EXERCISE INPUTS –
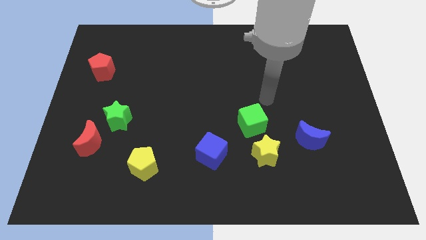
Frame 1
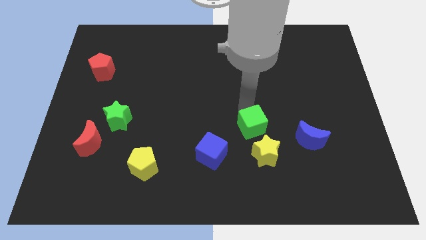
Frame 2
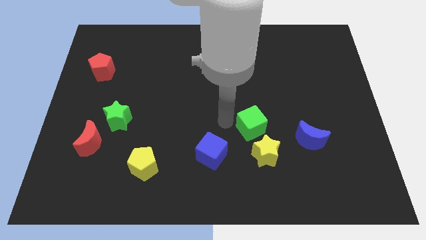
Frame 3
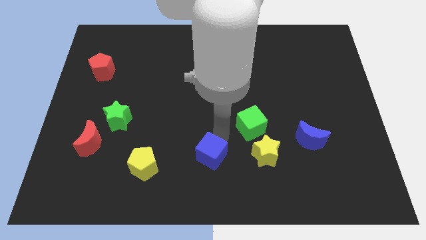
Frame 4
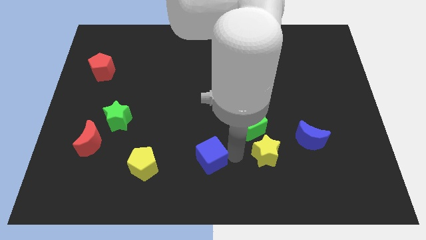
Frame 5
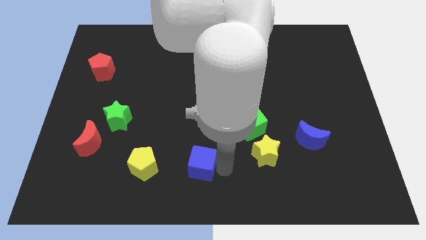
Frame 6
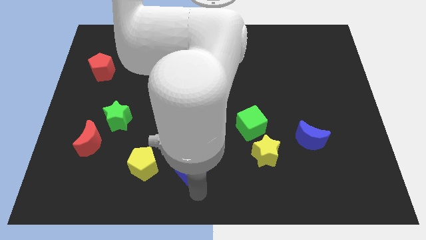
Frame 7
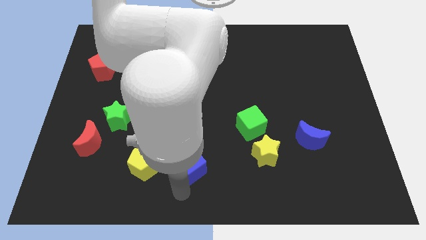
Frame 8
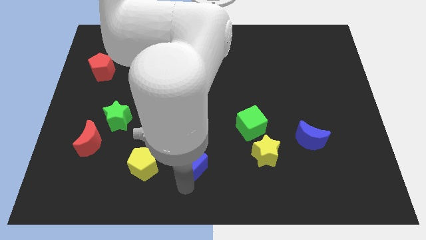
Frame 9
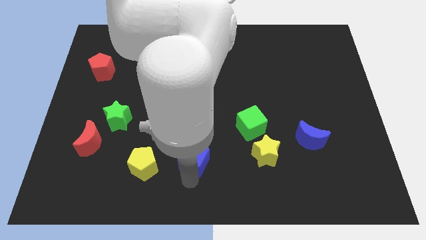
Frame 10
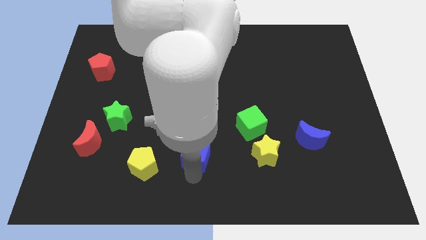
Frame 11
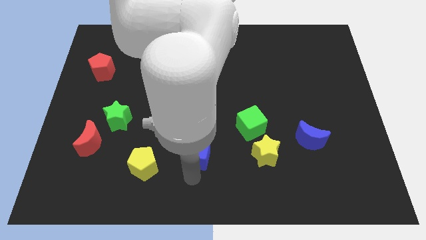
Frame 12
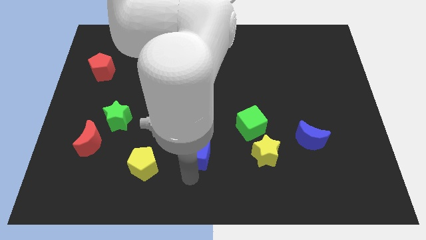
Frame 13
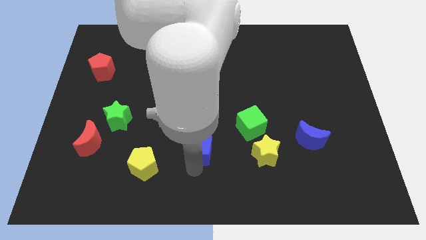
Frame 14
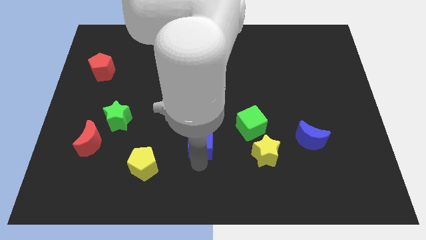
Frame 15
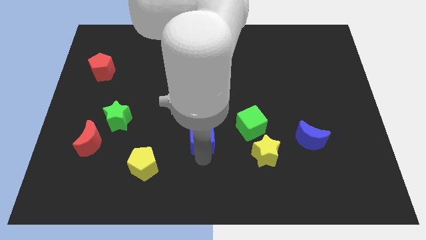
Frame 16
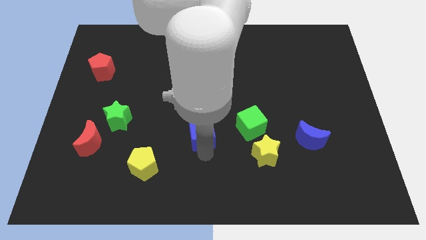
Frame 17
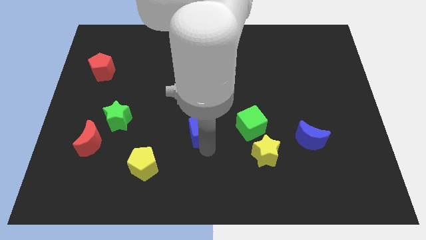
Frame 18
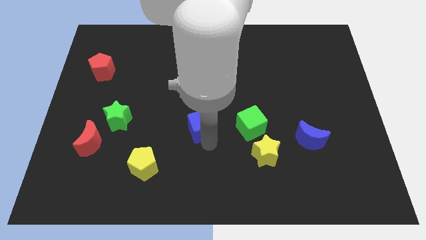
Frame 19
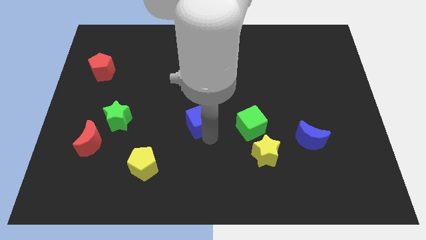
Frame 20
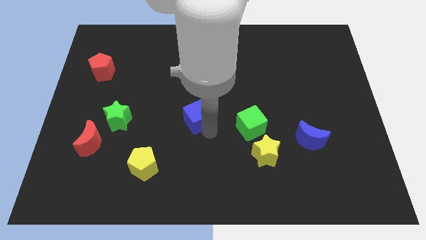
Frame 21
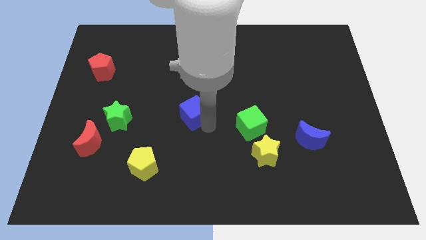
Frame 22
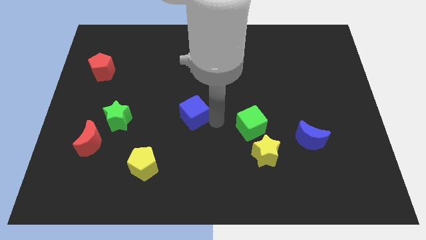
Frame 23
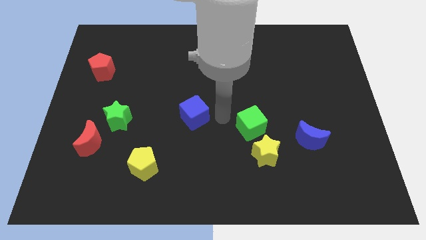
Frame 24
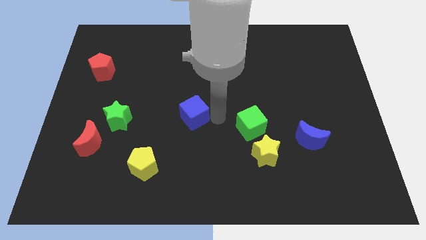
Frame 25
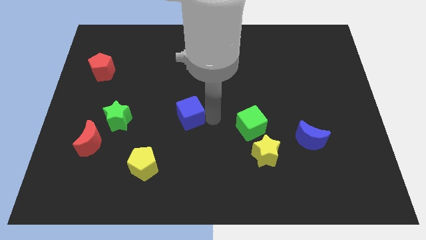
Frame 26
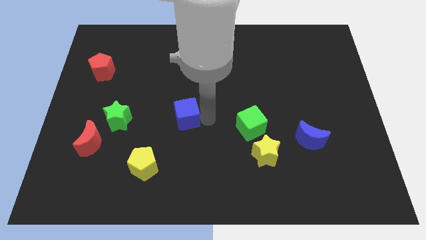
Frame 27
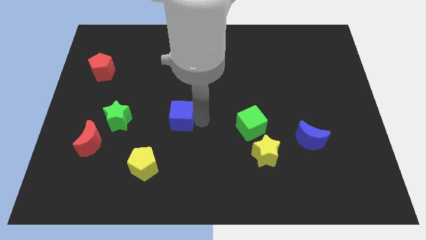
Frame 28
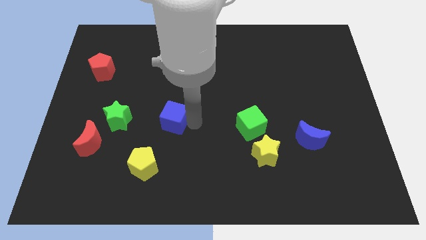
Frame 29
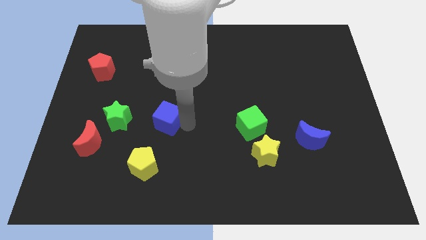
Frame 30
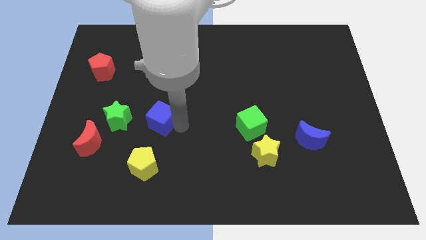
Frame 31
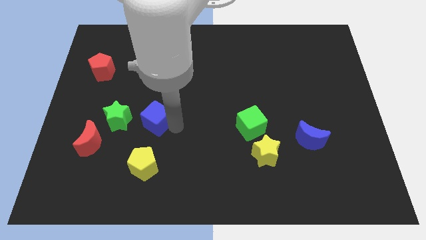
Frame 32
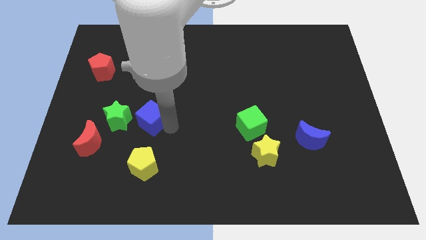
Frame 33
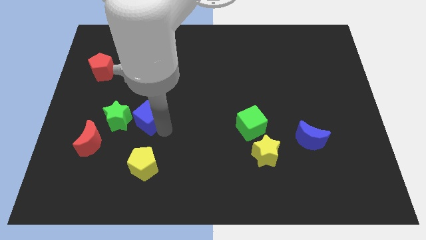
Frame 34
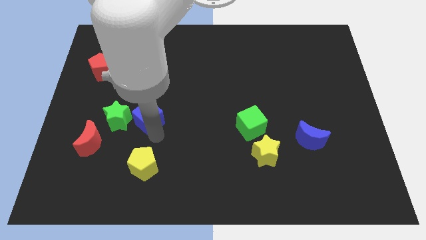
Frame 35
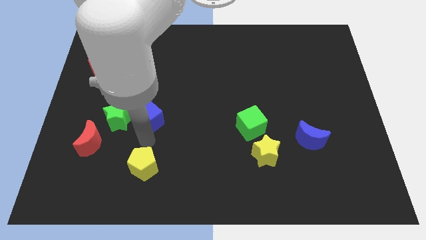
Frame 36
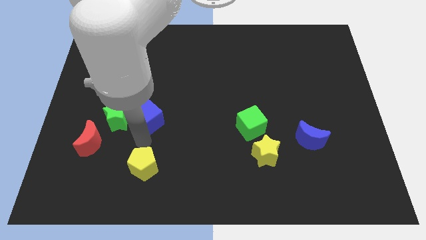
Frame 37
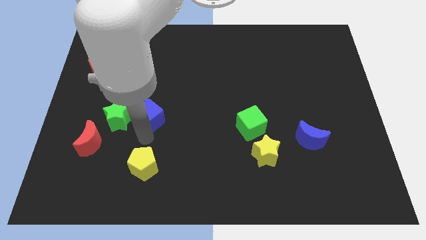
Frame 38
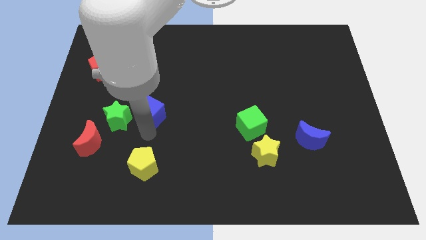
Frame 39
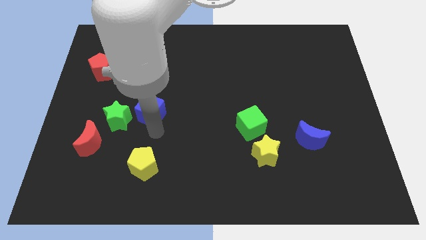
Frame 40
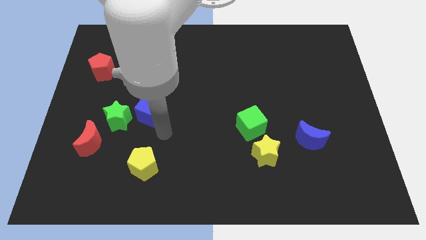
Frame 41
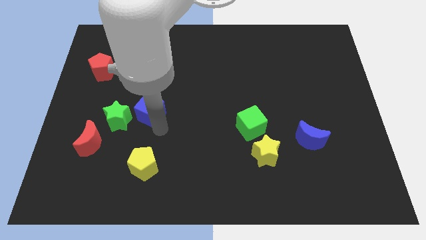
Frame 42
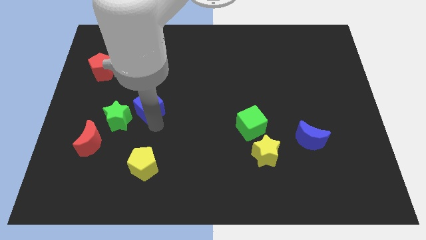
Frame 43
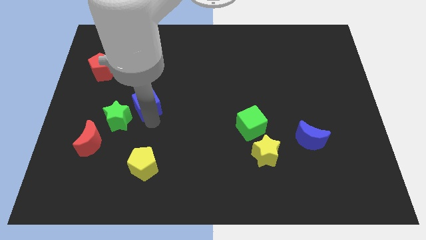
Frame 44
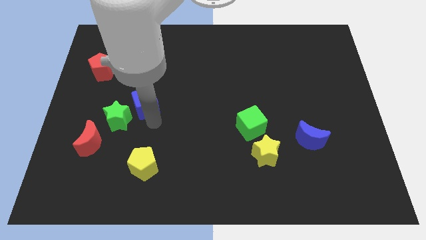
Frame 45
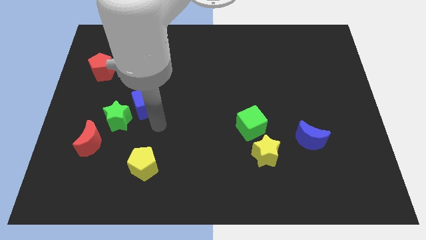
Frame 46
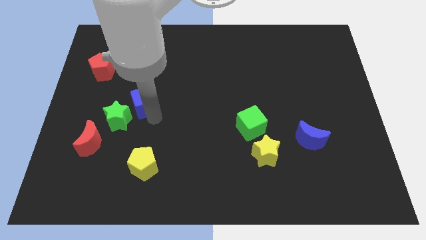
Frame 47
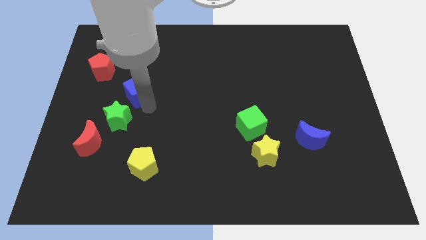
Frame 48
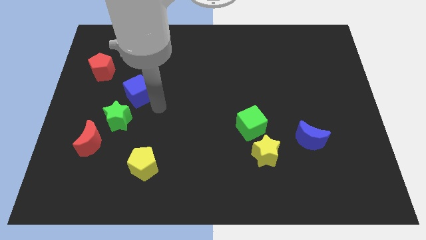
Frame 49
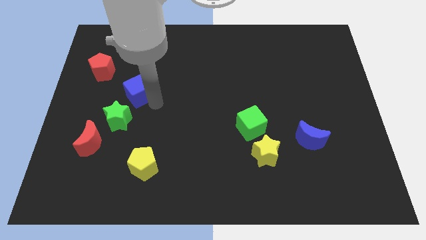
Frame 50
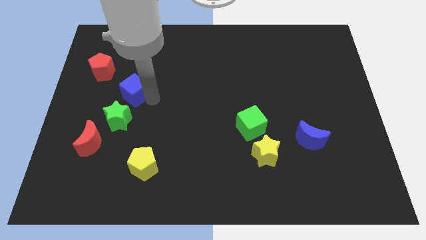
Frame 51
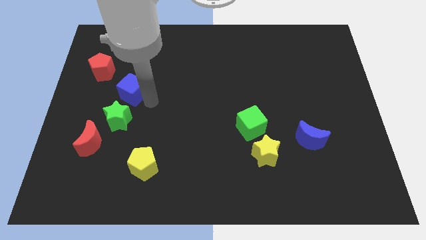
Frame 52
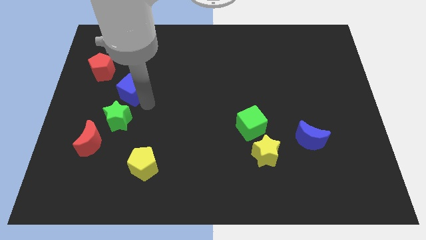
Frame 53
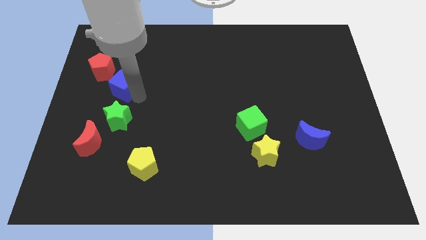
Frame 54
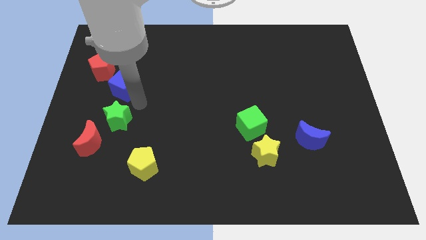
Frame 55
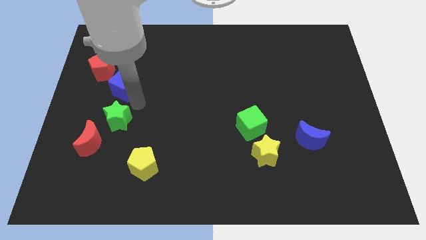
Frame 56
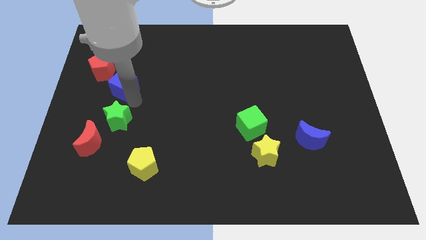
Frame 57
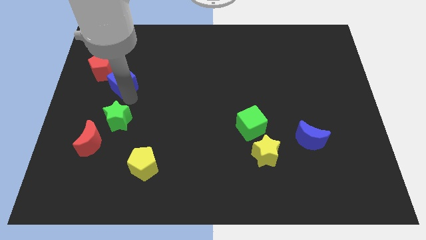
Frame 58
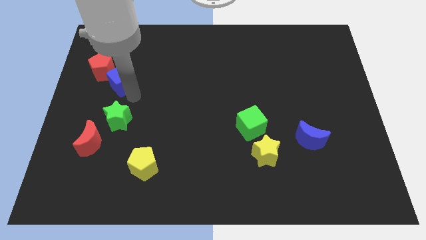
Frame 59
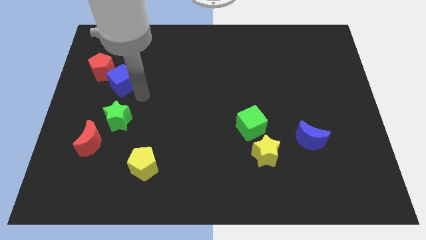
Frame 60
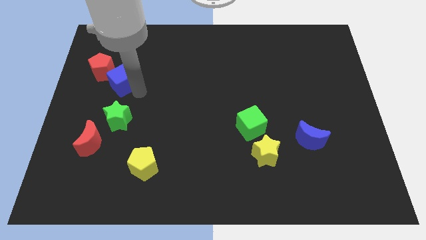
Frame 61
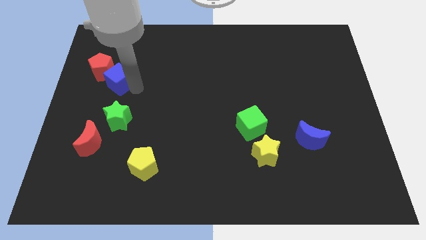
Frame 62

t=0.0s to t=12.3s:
put the blue cube towards the red pentagon

ABOUT THIS TASK –
Once the pictures are set aside, give the listing again word for word.

ANSWER SPACE –
Frame 1
Frame 2
Frame 3
Frame 4
Frame 5
Frame 6
Frame 7
Frame 8
Frame 9
Frame 10
Frame 11
Frame 12
Frame 13
Frame 14
Frame 15
Frame 16
Frame 17
Frame 18
Frame 19
Frame 20
Frame 21
Frame 22
Frame 23
Frame 24
Frame 25
Frame 26
Frame 27
Frame 28
Frame 29
Frame 30
Frame 31
Frame 32
Frame 33
Frame 34
Frame 35
Frame 36
Frame 37
Frame 38
Frame 39
Frame 40
Frame 41
Frame 42
Frame 43
Frame 44
Frame 45
Frame 46
Frame 47
Frame 48
Frame 49
Frame 50
Frame 51
Frame 52
Frame 53
Frame 54
Frame 55
Frame 56
Frame 57
Frame 58
Frame 59
Frame 60
Frame 61
Frame 62

t=0.0s to t=12.3s:
put the blue cube towards the red pentagon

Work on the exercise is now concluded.